START The records
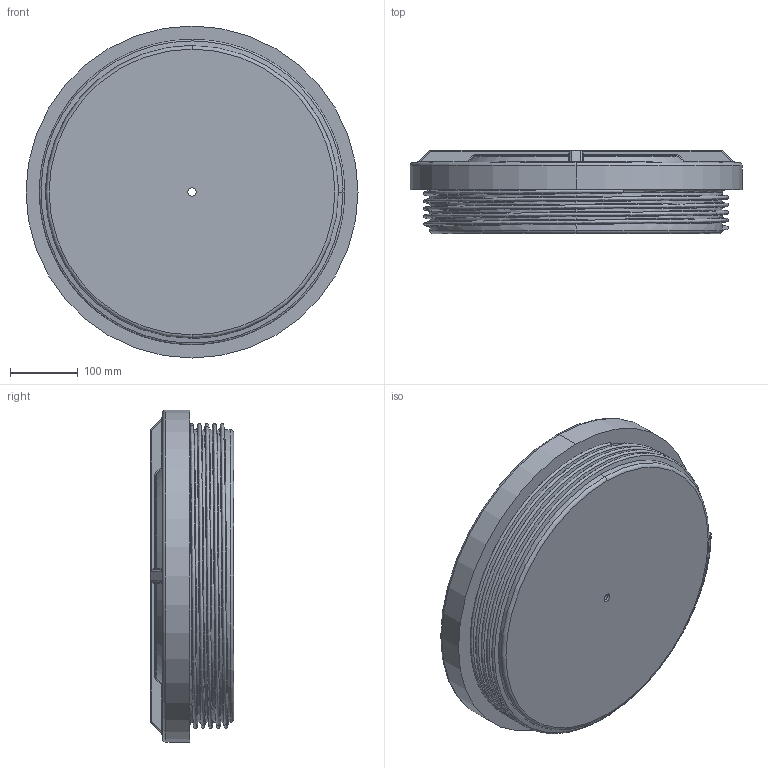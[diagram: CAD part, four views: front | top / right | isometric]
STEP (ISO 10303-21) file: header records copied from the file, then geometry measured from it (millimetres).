
FILE_DESCRIPTION (( 'STEP AP203' ), '1' );
FILE_NAME ('TAMPA 435MM ROTOMOLDADA.STEP', '2025-06-04T15:49:49', ( '' ), ( '' ), 'SwSTEP 2.0', 'SolidWorks 2025', '' );
FILE_SCHEMA (( 'CONFIG_CONTROL_DESIGN' ));
Length unit declared in the file: millimetre
Products named in the file (1): TAMPA 435MM ROTOMOLDADA
Bounding box: 490 x 123 x 490 mm (x, y, z)
Volume: 2434159.3 mm3; surface area: 1143290.8 mm2
Topology: 1 solids, 1 shells, 247 faces, 585 edges, 314 vertices
Faces by surface type: cylinder 89, bspline 43, plane 42, torus 33, sphere 32, cone 8
Entity records: 10429 total; most frequent: CARTESIAN_POINT 5192, ORIENTED_EDGE 1106, DIRECTION 1083, EDGE_CURVE 553, AXIS2_PLACEMENT_3D 452, VERTEX_POINT 314, EDGE_LOOP 255, FACE_OUTER_BOUND 247
END The records
Task item: Copy each record exactly. Leave any images out of the copy.

Answer area:
[diagram: CAD part, four views: front | top / right | isometric]
STEP (ISO 10303-21) file: header records copied from the file, then geometry measured from it (millimetres).
FILE_DESCRIPTION (( 'STEP AP203' ), '1' );
FILE_NAME ('TAMPA 435MM ROTOMOLDADA.STEP', '2025-06-04T15:49:49', ( '' ), ( '' ), 'SwSTEP 2.0', 'SolidWorks 2025', '' );
FILE_SCHEMA (( 'CONFIG_CONTROL_DESIGN' ));
Length unit declared in the file: millimetre
Products named in the file (1): TAMPA 435MM ROTOMOLDADA
Bounding box: 490 x 123 x 490 mm (x, y, z)
Volume: 2434159.3 mm3; surface area: 1143290.8 mm2
Topology: 1 solids, 1 shells, 247 faces, 585 edges, 314 vertices
Faces by surface type: cylinder 89, bspline 43, plane 42, torus 33, sphere 32, cone 8
Entity records: 10429 total; most frequent: CARTESIAN_POINT 5192, ORIENTED_EDGE 1106, DIRECTION 1083, EDGE_CURVE 553, AXIS2_PLACEMENT_3D 452, VERTEX_POINT 314, EDGE_LOOP 255, FACE_OUTER_BOUND 247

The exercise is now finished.